Experiments on automatic question generation from free texts based on Chinese text-mining techniques

Andrew K Lui, Chan Kin Yan, Leung Ho Hin, Lai Ho Yin and Ki Yan Lok
The Open University of Hong Kong
Hong Kong SAR, China


The key objective of intelligent tutoring systems is to provide individualized instruction based on the learning needs of students, and offering timely and context-sensitive review questions increases student retention of what they have just studied and also improves their level of engagement with the content. Supporting such a function requires a large question bank from which suitable questions can be selected based on the student and instructor models. However, using automatic question generation can reduce the cost and effort involved in creating such a question bank. A useful variant of automatic question generation considers free texts as the source and employs text-mining techniques to extract related information for producing questions. As students study textual course content with an intelligent tutoring system, automatically generated questions based on the relevant content should provide more opportunities for review and more appropriate self-assessment.

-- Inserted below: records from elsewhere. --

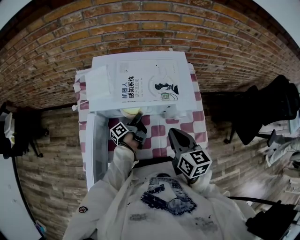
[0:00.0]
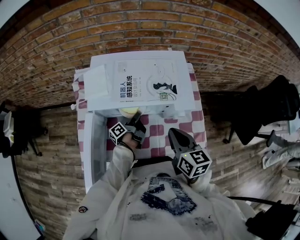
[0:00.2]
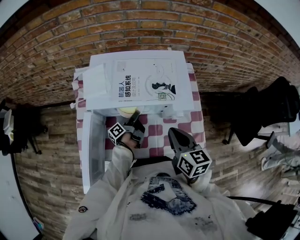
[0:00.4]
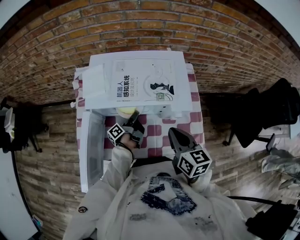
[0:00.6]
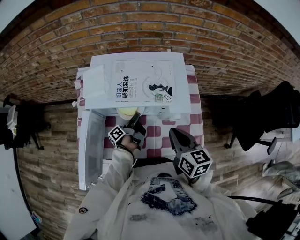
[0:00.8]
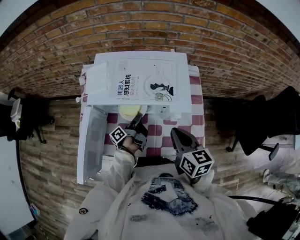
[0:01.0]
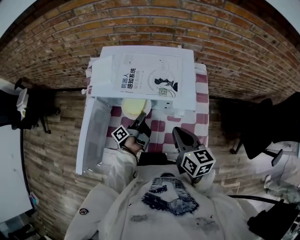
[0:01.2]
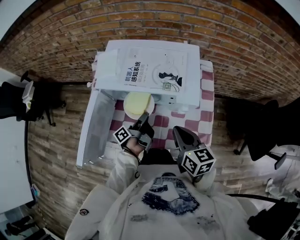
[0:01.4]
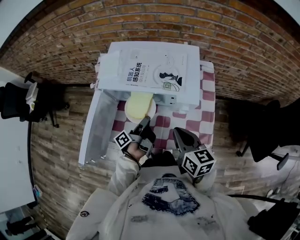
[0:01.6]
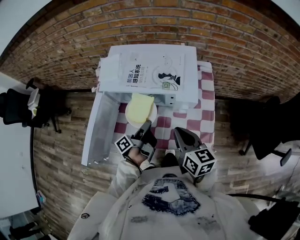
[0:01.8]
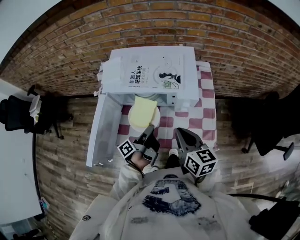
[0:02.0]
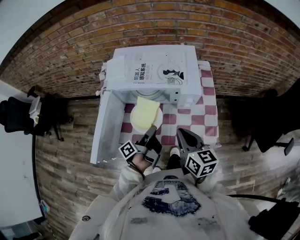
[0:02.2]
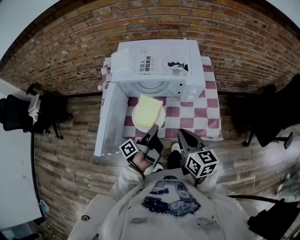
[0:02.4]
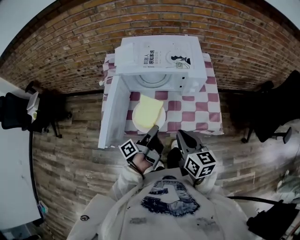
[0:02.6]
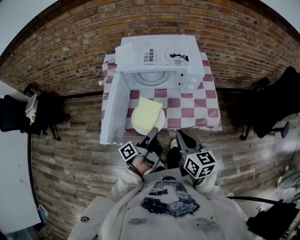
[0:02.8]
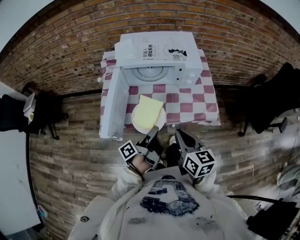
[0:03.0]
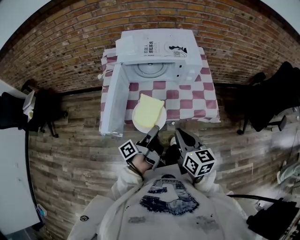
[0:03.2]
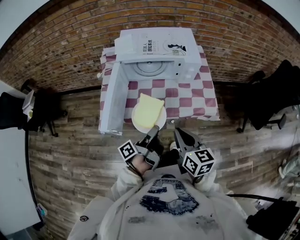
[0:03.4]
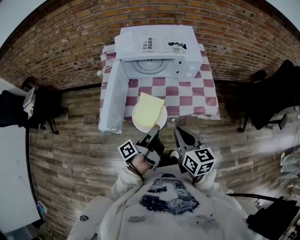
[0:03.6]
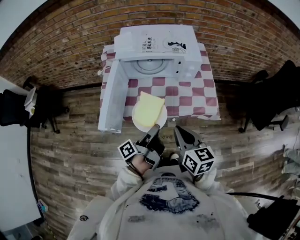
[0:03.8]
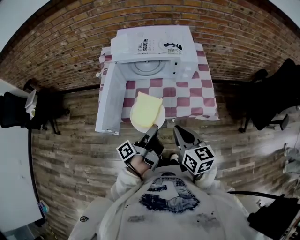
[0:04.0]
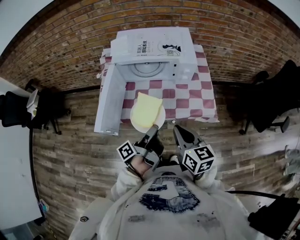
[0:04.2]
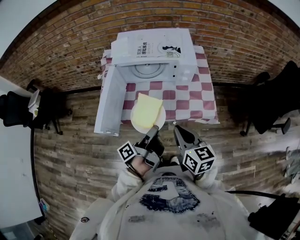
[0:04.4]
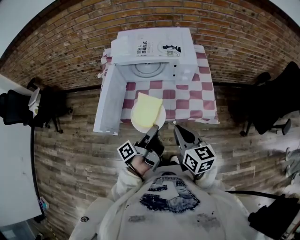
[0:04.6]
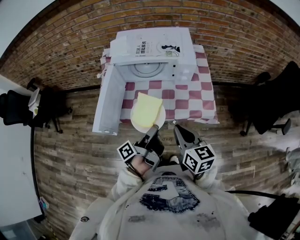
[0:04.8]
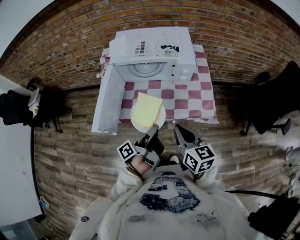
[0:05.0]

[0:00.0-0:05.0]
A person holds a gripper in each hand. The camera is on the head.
0:00.0 to 0:01.6: The left gripper goes roughly 15 cm backward and upward. Meanwhile the right gripper shifts by some 5 cm.
0:01.6 to 0:03.4: The right gripper moves backward and to the left, approximately 25 cm. The left gripper is displaced backward by roughly 25 cm.
0:03.4 to 0:05.0: Both grippers move to the right, some 5 cm.

The aim of this paper is to discuss techniques for automatic question generation based on text- mining on Chinese text sources. This differs from previous work on the area in that: (1) the techniques are applicable to any course with its content in electronic free-text form, unlike techniques that rely on dedicated concept maps, data tables, or rule-based engines for a particular course; and (2) the techniques work with Chinese texts, and therefore can be employed in the increasing number of Chinese-based online courses in our University. The challenge in this work lies in making sense of free-structured Chinese texts, in which keywords or even words are not readily identifiable because of the absence of word separators.

The procedure for automatic question generation begins with segmentation of Chinese sentences into words and the extraction of named entities such as 'person', 'organization', 'events', 'dates' and 'locations'. The paper outlines two methods: a variational approach that finds the optimal segmentation based on dictionaries, vocabulary and feature patterns, and a quicker variant based on genetic algorithms. After the identification of the named entities and their relations, the next step is to randomly select named entities and apply them to pre-defined question templates. The paper describes the techniques, which have been applied to a Chinese history course and a current affairs course, the details of implementation and an evaluation of the above two applications; and it focuses mainly on technological issues and pedagogical concerns to be addressed in future work.